* Entries supplied *

= = = = = = =

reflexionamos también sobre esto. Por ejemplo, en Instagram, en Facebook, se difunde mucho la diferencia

= = = = = = =

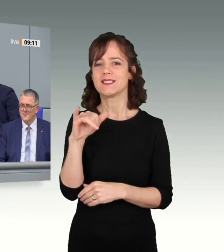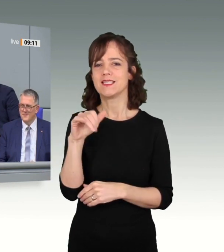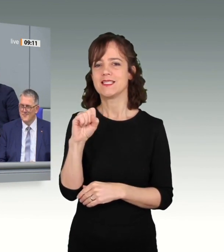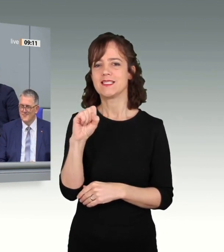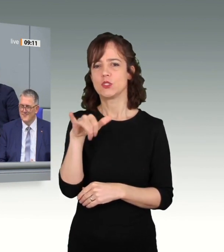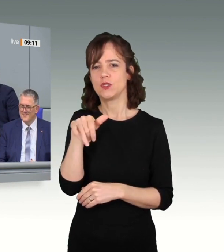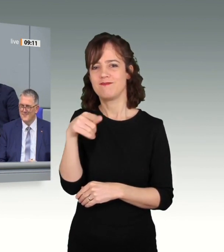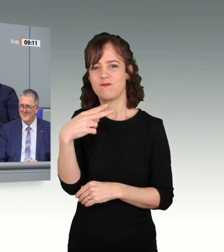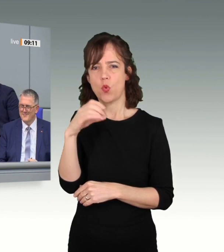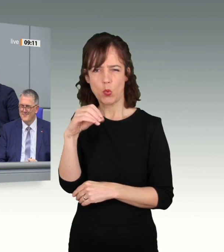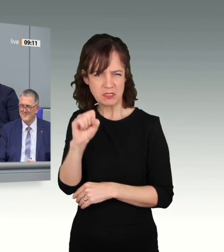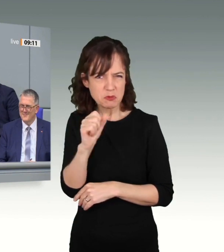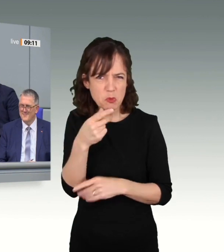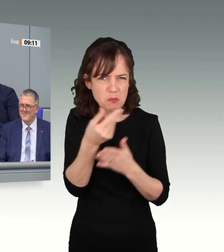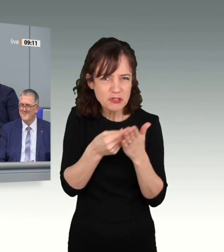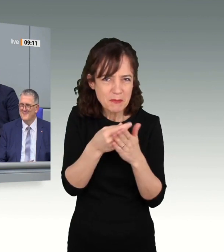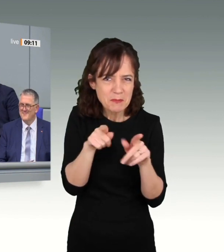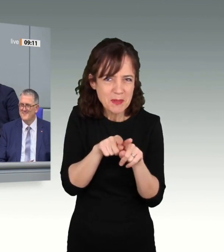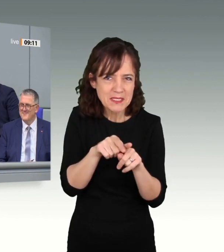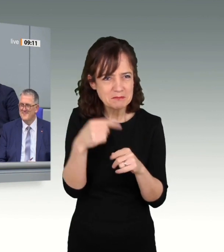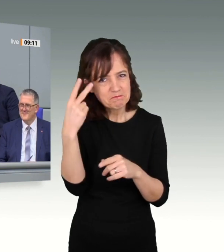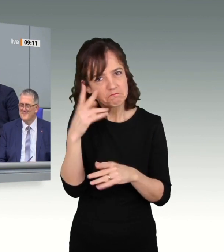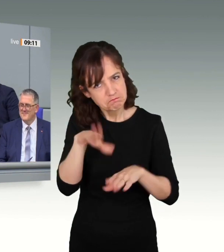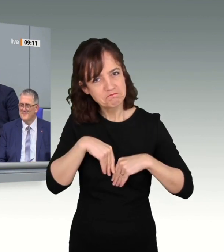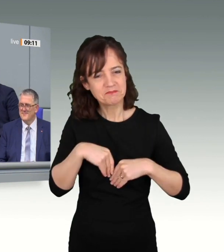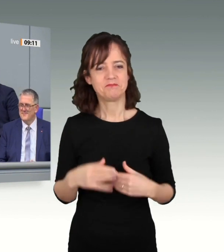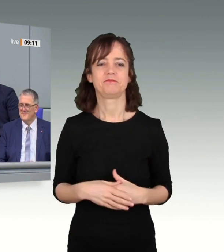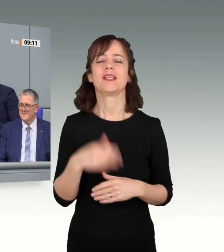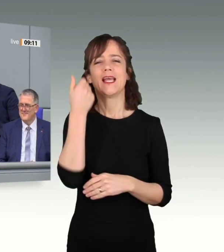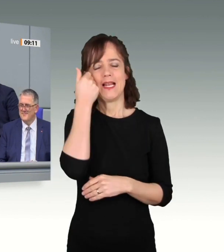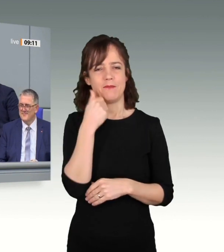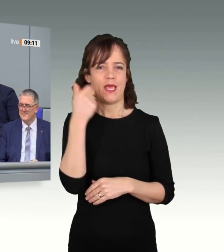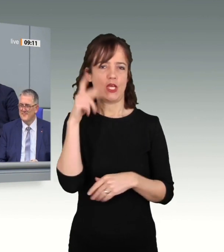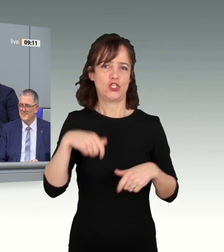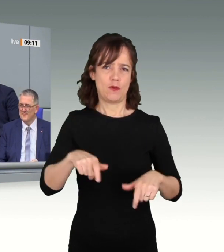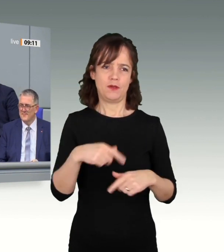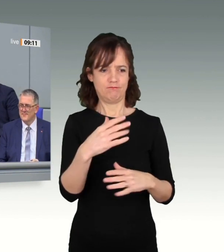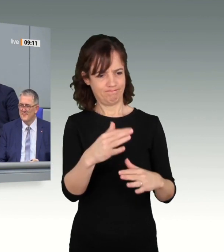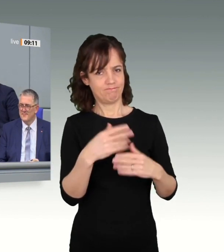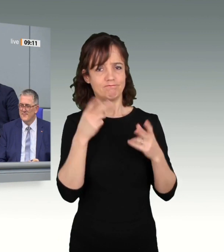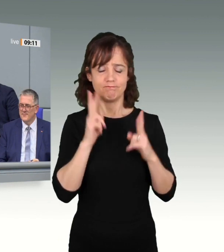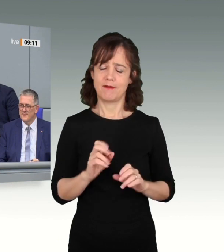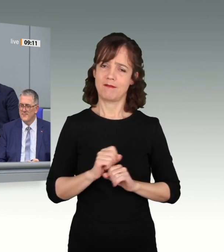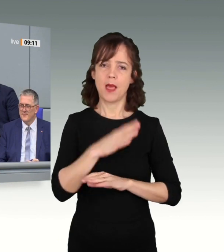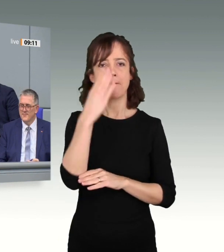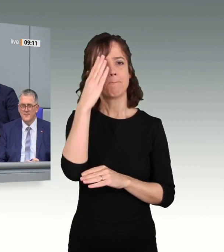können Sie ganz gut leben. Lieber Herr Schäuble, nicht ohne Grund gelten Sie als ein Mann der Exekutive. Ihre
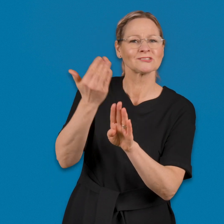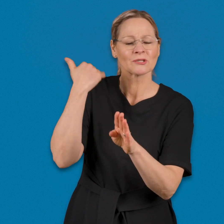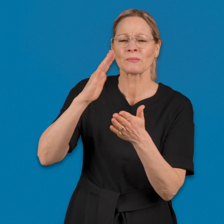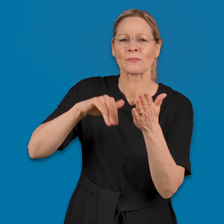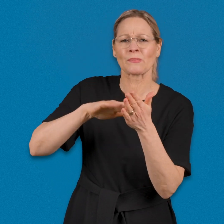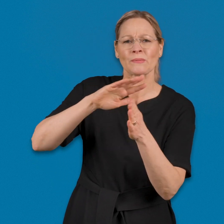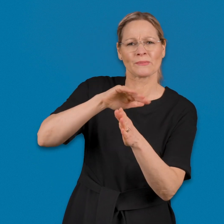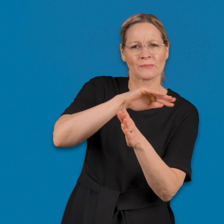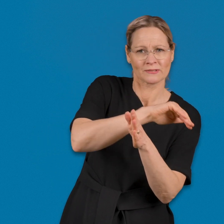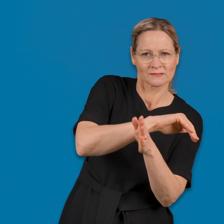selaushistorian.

= = = = = = =

From the records above, copy only the lines running from the line containing "können Sie ganz" to the line containing "selaushistorian.", both ends included. Leave the pictures out.

* Task response *
können Sie ganz gut leben. Lieber Herr Schäuble, nicht ohne Grund gelten Sie als ein Mann der Exekutive. Ihre
selaushistorian.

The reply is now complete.